(Data entries)
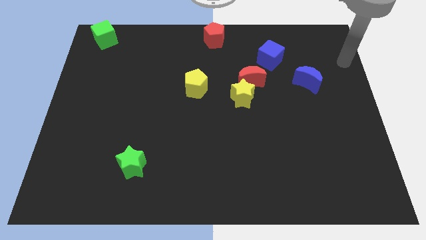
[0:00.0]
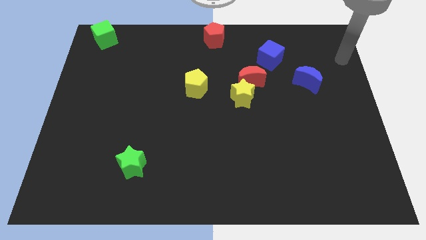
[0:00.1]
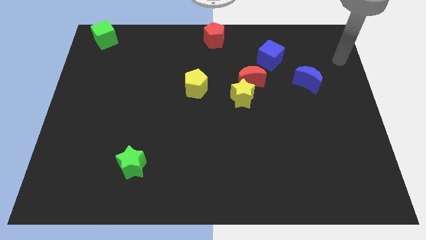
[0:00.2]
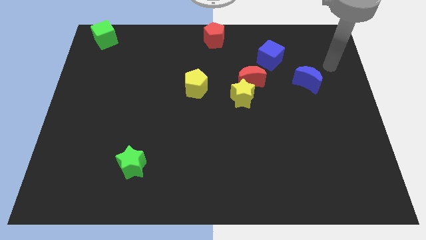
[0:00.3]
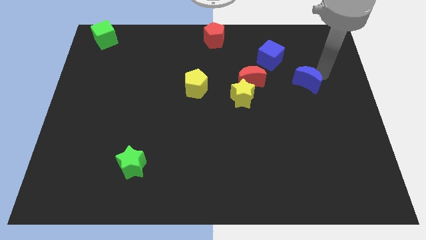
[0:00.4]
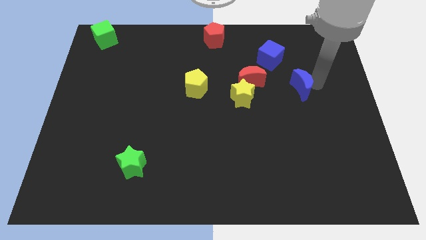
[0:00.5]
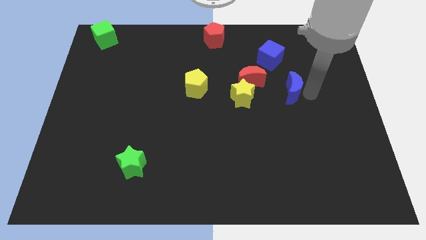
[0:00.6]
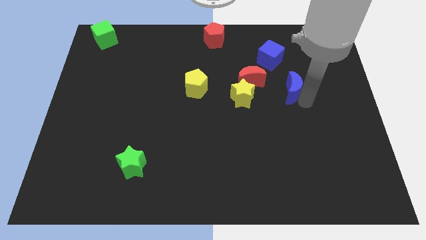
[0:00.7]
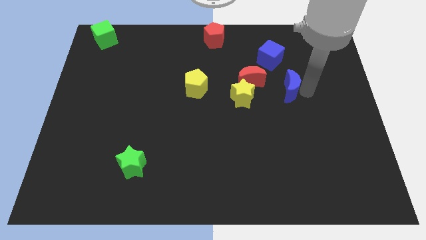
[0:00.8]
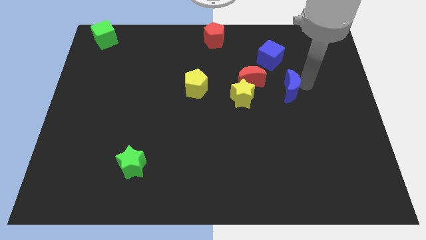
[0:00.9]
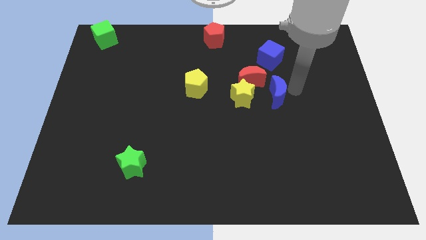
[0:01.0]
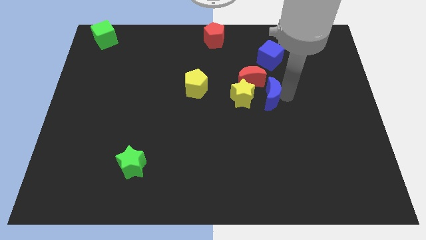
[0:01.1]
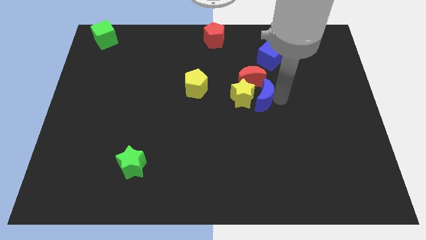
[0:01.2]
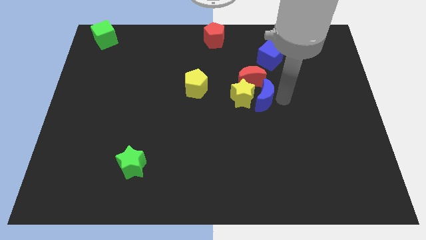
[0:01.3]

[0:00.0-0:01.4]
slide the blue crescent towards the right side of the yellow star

Aim of the task: A faithful copy is needed: reproduce all of the data above, leaving the pictures out.

Answer below:
[0:00.0]
[0:00.1]
[0:00.2]
[0:00.3]
[0:00.4]
[0:00.5]
[0:00.6]
[0:00.7]
[0:00.8]
[0:00.9]
[0:01.0]
[0:01.1]
[0:01.2]
[0:01.3]

[0:00.0-0:01.4]
slide the blue crescent towards the right side of the yellow star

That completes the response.